_EXERCISE_
Reproduce precisely the lines of the material below from the line containing "main class: Cropland" up to and including its last line. Pictures must not be copied.

——————————

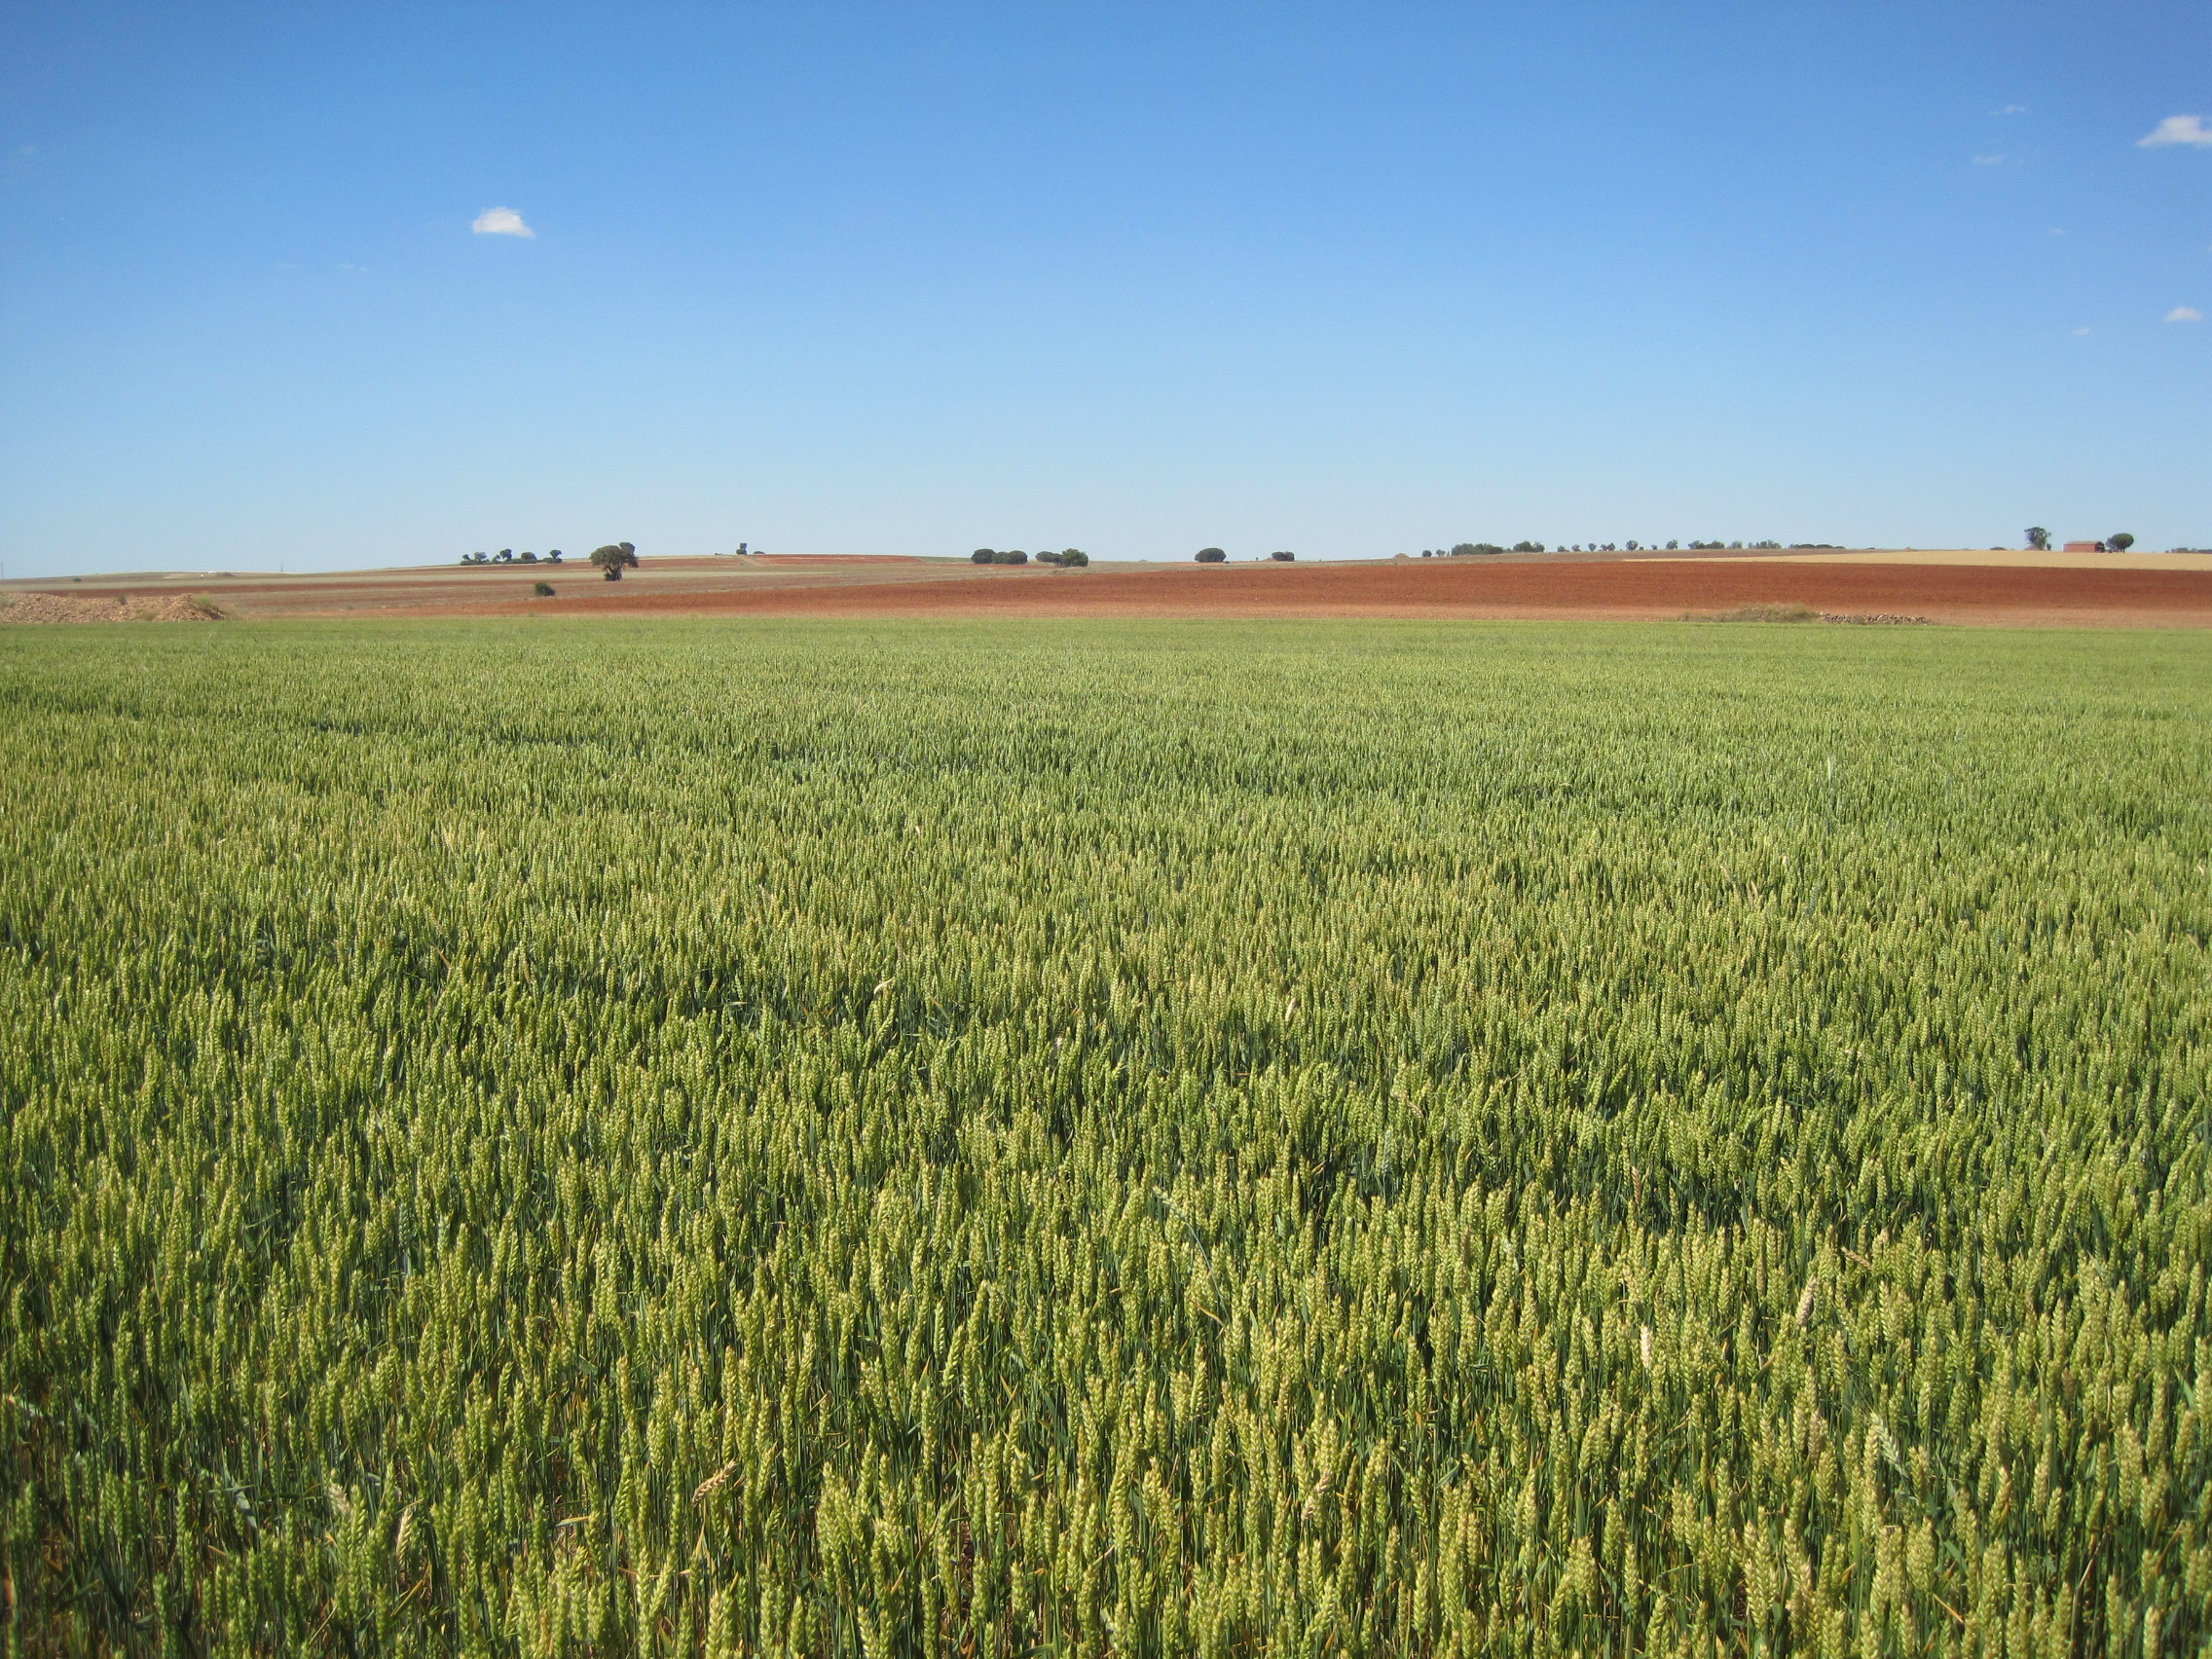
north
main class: Cropland
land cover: Common wheat
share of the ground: > 75 %
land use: Agriculture (excluding fallow land and kitchen gardens)
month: June
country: ES
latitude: 41.7662
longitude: -5.3712
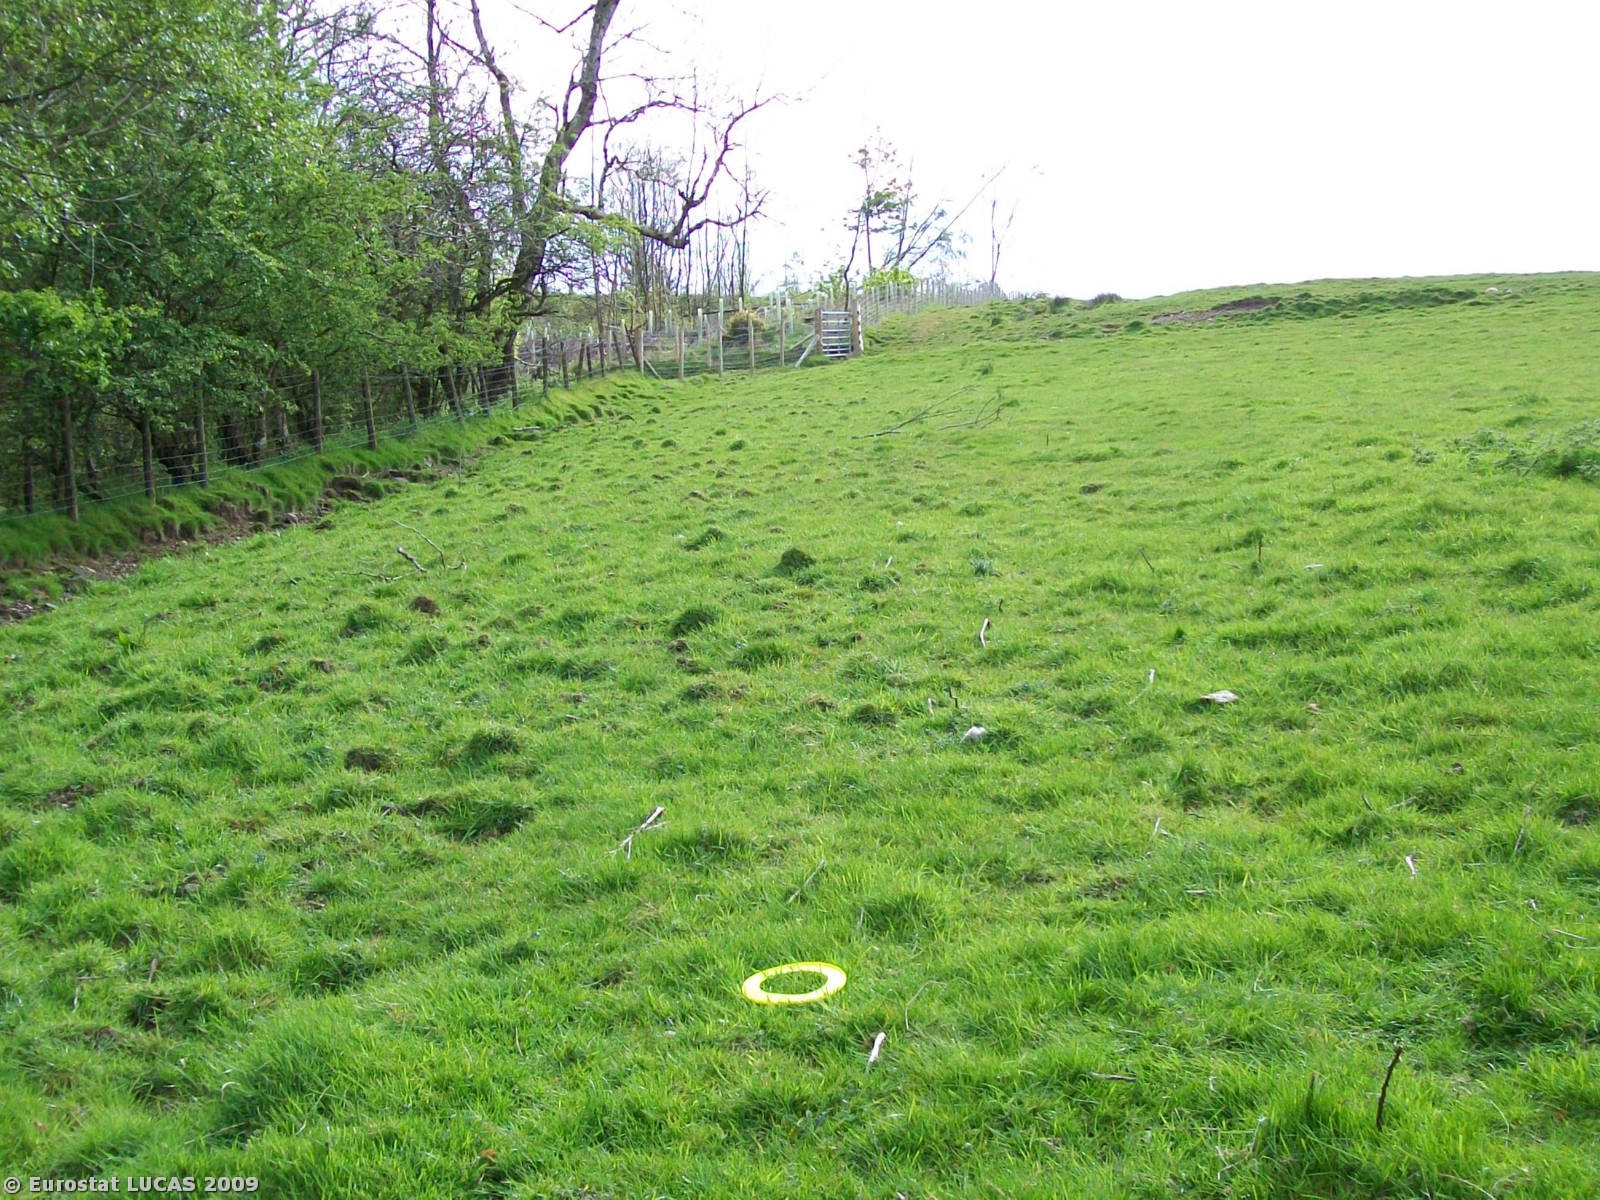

——————————

_RESPONSE BELOW_
main class: Cropland
land cover: Common wheat
share of the ground: > 75 %
land use: Agriculture (excluding fallow land and kitchen gardens)
month: June
country: ES
latitude: 41.7662
longitude: -5.3712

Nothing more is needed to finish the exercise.